◆ PROVIDED INFORMATION
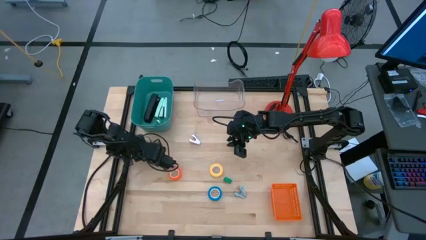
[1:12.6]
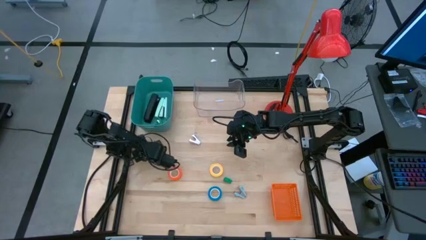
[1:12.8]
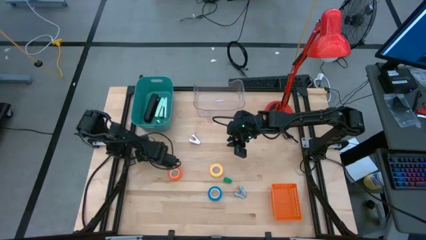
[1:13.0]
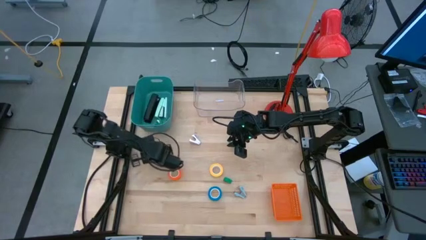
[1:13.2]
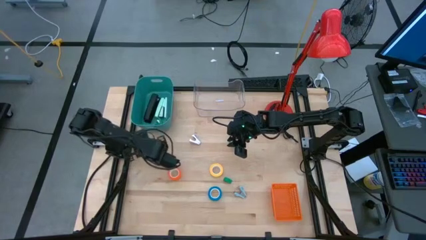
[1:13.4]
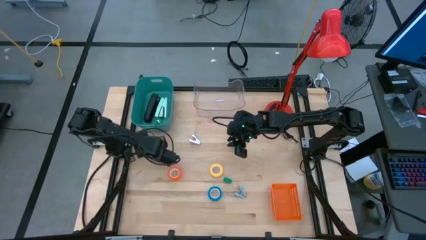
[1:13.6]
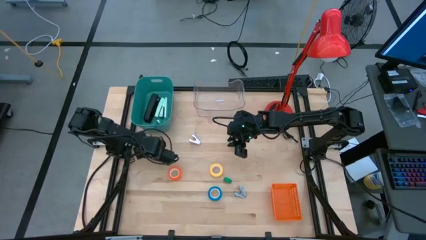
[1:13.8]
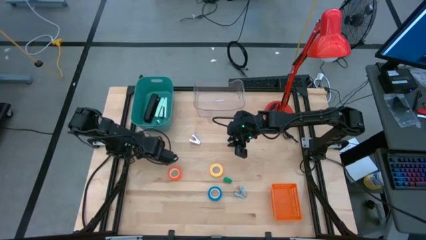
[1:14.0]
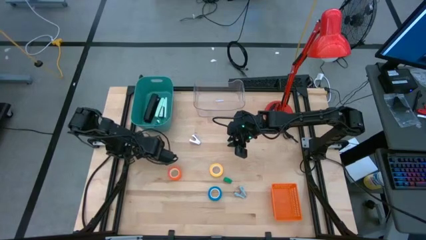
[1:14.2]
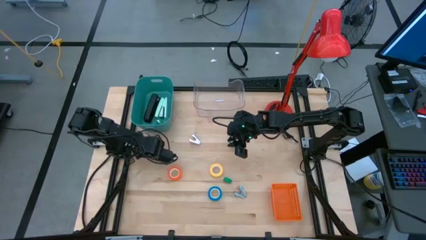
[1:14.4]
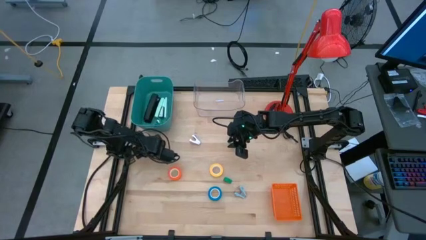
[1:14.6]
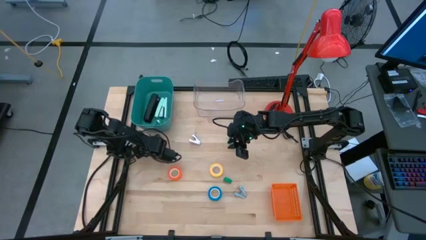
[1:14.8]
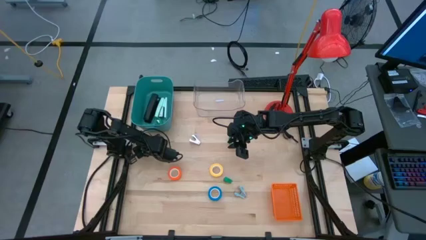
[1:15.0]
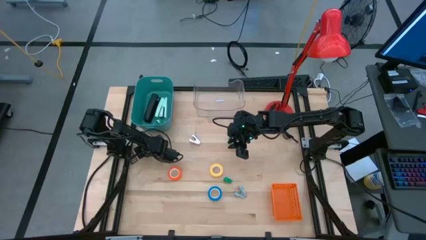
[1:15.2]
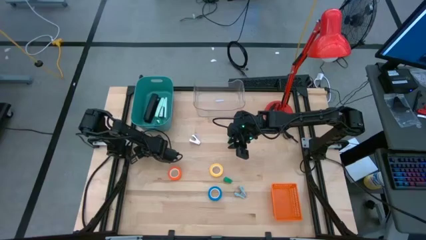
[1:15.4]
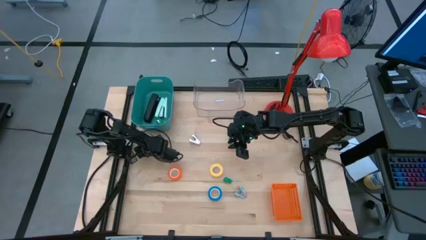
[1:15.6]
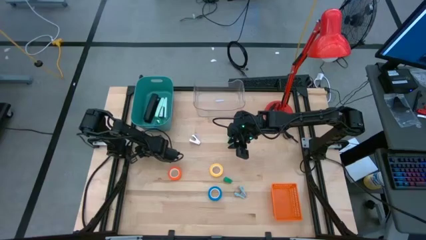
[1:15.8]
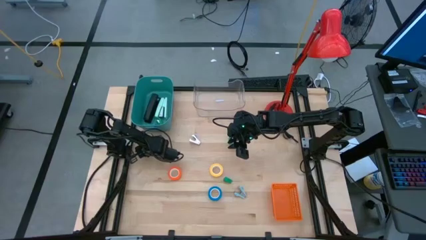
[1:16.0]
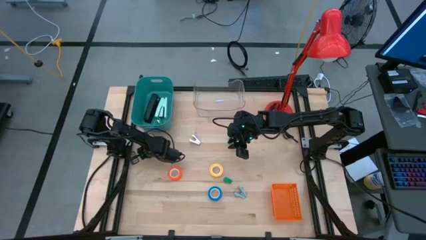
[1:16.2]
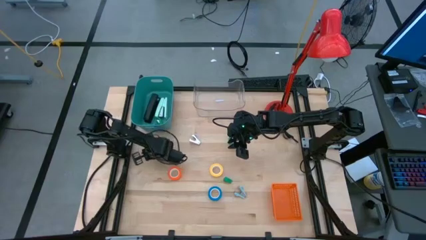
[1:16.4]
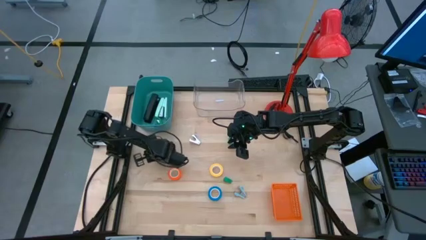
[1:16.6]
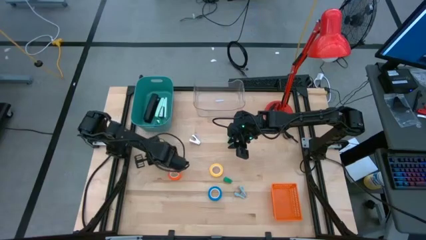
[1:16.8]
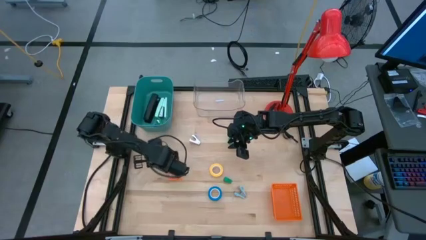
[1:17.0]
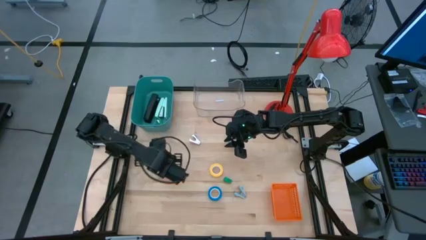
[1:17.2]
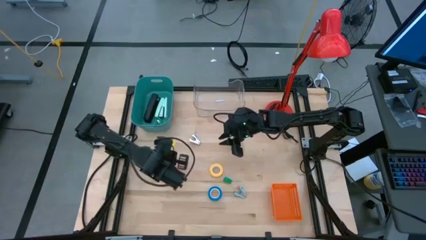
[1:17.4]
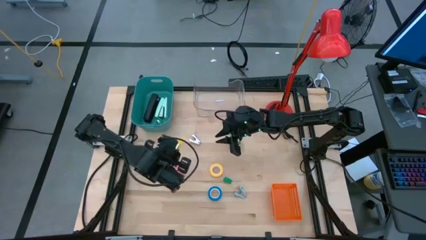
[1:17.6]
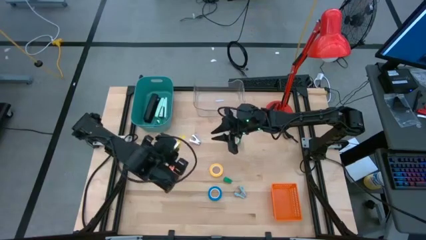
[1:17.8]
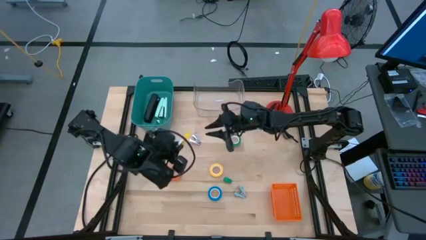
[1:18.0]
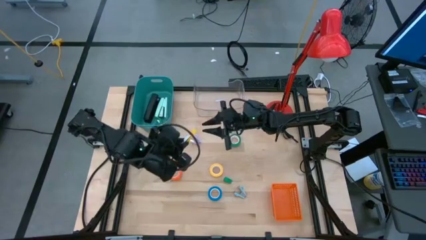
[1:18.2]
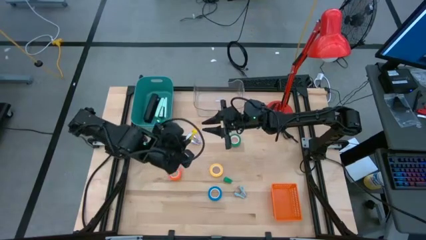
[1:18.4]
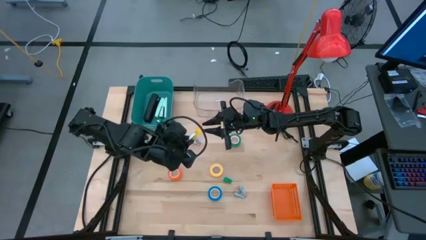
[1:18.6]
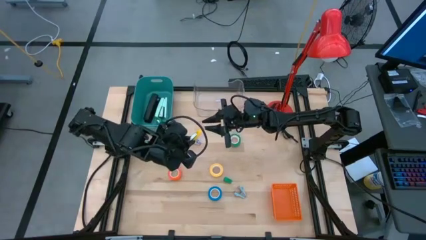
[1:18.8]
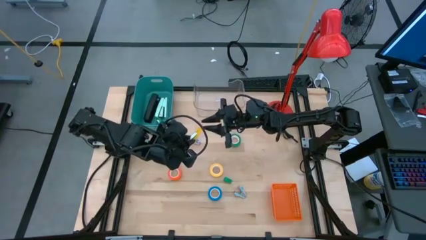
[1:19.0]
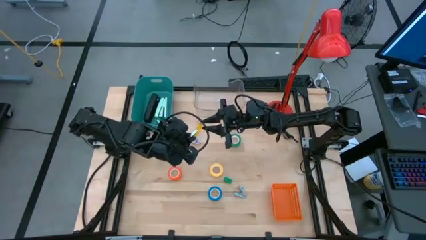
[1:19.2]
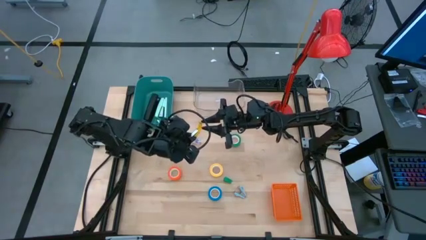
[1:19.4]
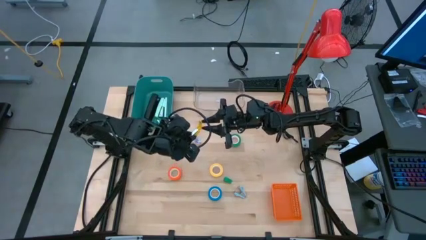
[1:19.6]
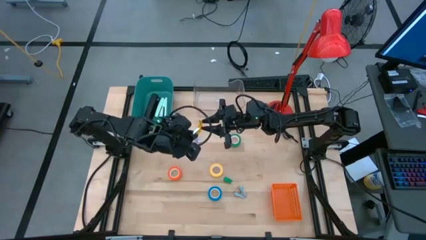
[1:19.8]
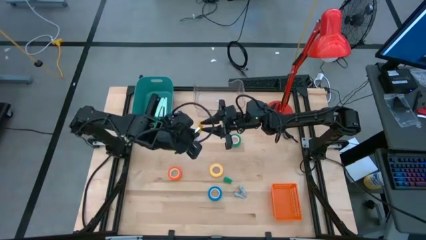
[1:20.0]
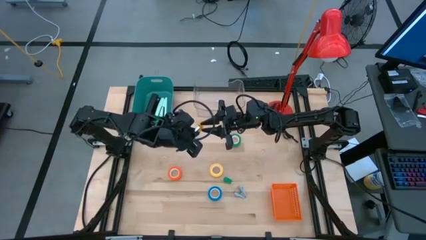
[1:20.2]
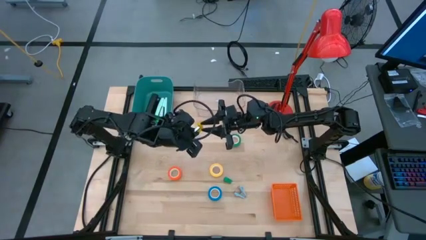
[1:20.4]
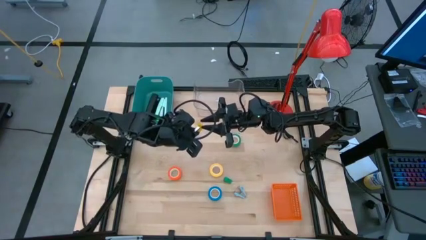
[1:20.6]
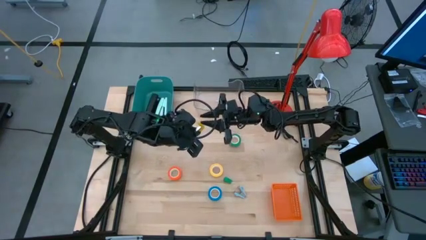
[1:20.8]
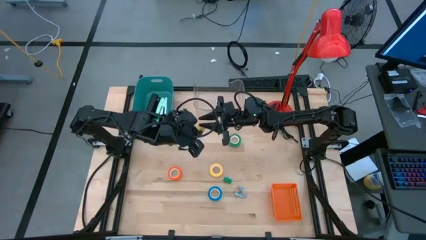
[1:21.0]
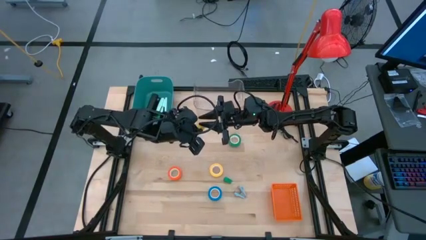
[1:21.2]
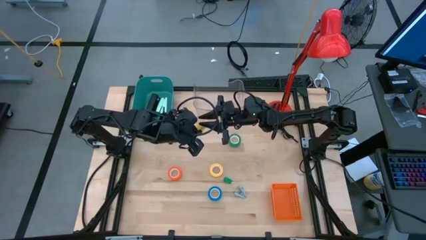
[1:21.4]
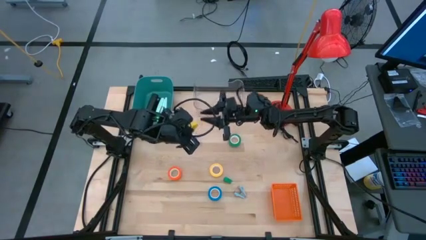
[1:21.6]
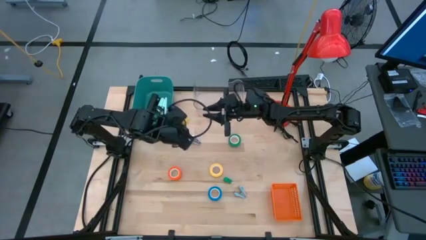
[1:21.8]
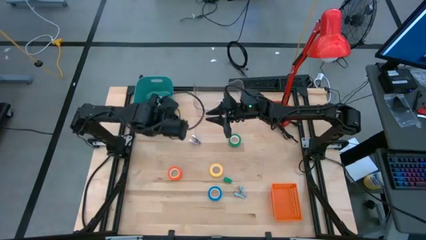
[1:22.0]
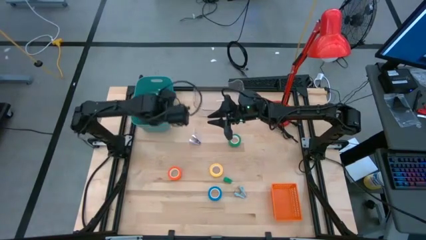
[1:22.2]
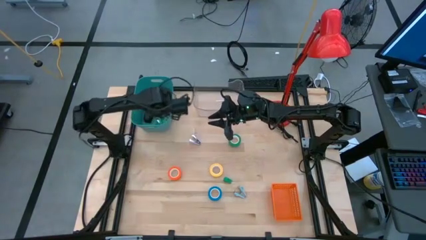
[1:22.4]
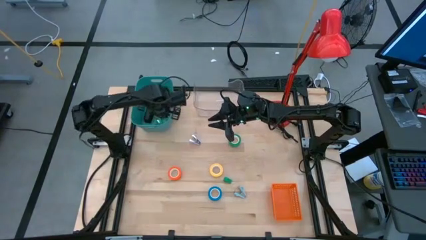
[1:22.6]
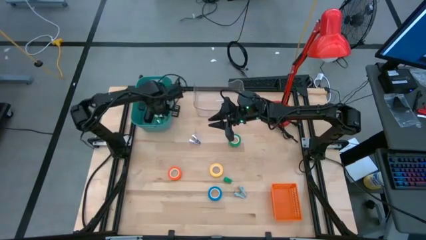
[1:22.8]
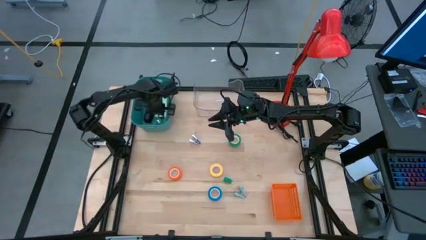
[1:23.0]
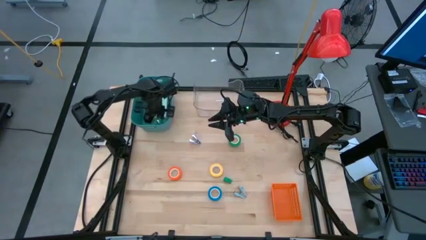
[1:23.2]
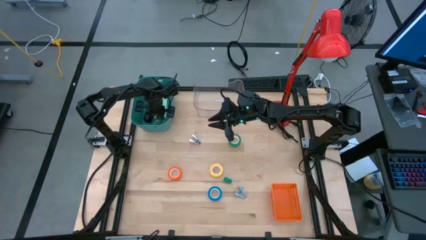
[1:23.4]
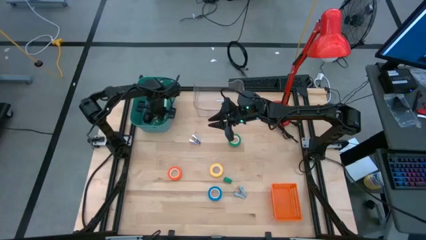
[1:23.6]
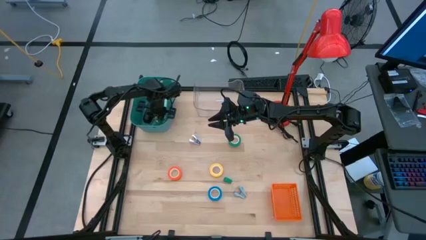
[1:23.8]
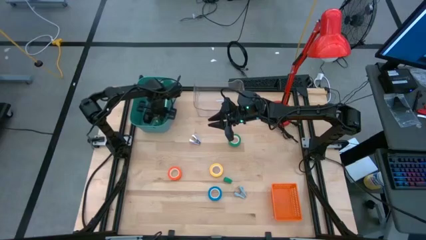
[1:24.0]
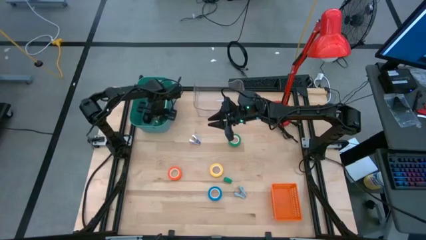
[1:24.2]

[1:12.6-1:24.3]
Task: Pick and place Stapler, Stapler remover, tape
Put the small yellow stapler into the green bin

◆ WORK INSTRUCTION
An exact copy of the records above is wanted, with the pictures omitted.

◆ SOLUTION FOR THIS PROBLEM
[1:12.6]
[1:12.8]
[1:13.0]
[1:13.2]
[1:13.4]
[1:13.6]
[1:13.8]
[1:14.0]
[1:14.2]
[1:14.4]
[1:14.6]
[1:14.8]
[1:15.0]
[1:15.2]
[1:15.4]
[1:15.6]
[1:15.8]
[1:16.0]
[1:16.2]
[1:16.4]
[1:16.6]
[1:16.8]
[1:17.0]
[1:17.2]
[1:17.4]
[1:17.6]
[1:17.8]
[1:18.0]
[1:18.2]
[1:18.4]
[1:18.6]
[1:18.8]
[1:19.0]
[1:19.2]
[1:19.4]
[1:19.6]
[1:19.8]
[1:20.0]
[1:20.2]
[1:20.4]
[1:20.6]
[1:20.8]
[1:21.0]
[1:21.2]
[1:21.4]
[1:21.6]
[1:21.8]
[1:22.0]
[1:22.2]
[1:22.4]
[1:22.6]
[1:22.8]
[1:23.0]
[1:23.2]
[1:23.4]
[1:23.6]
[1:23.8]
[1:24.0]
[1:24.2]

[1:12.6-1:24.3]
Task: Pick and place Stapler, Stapler remover, tape
Put the small yellow stapler into the green bin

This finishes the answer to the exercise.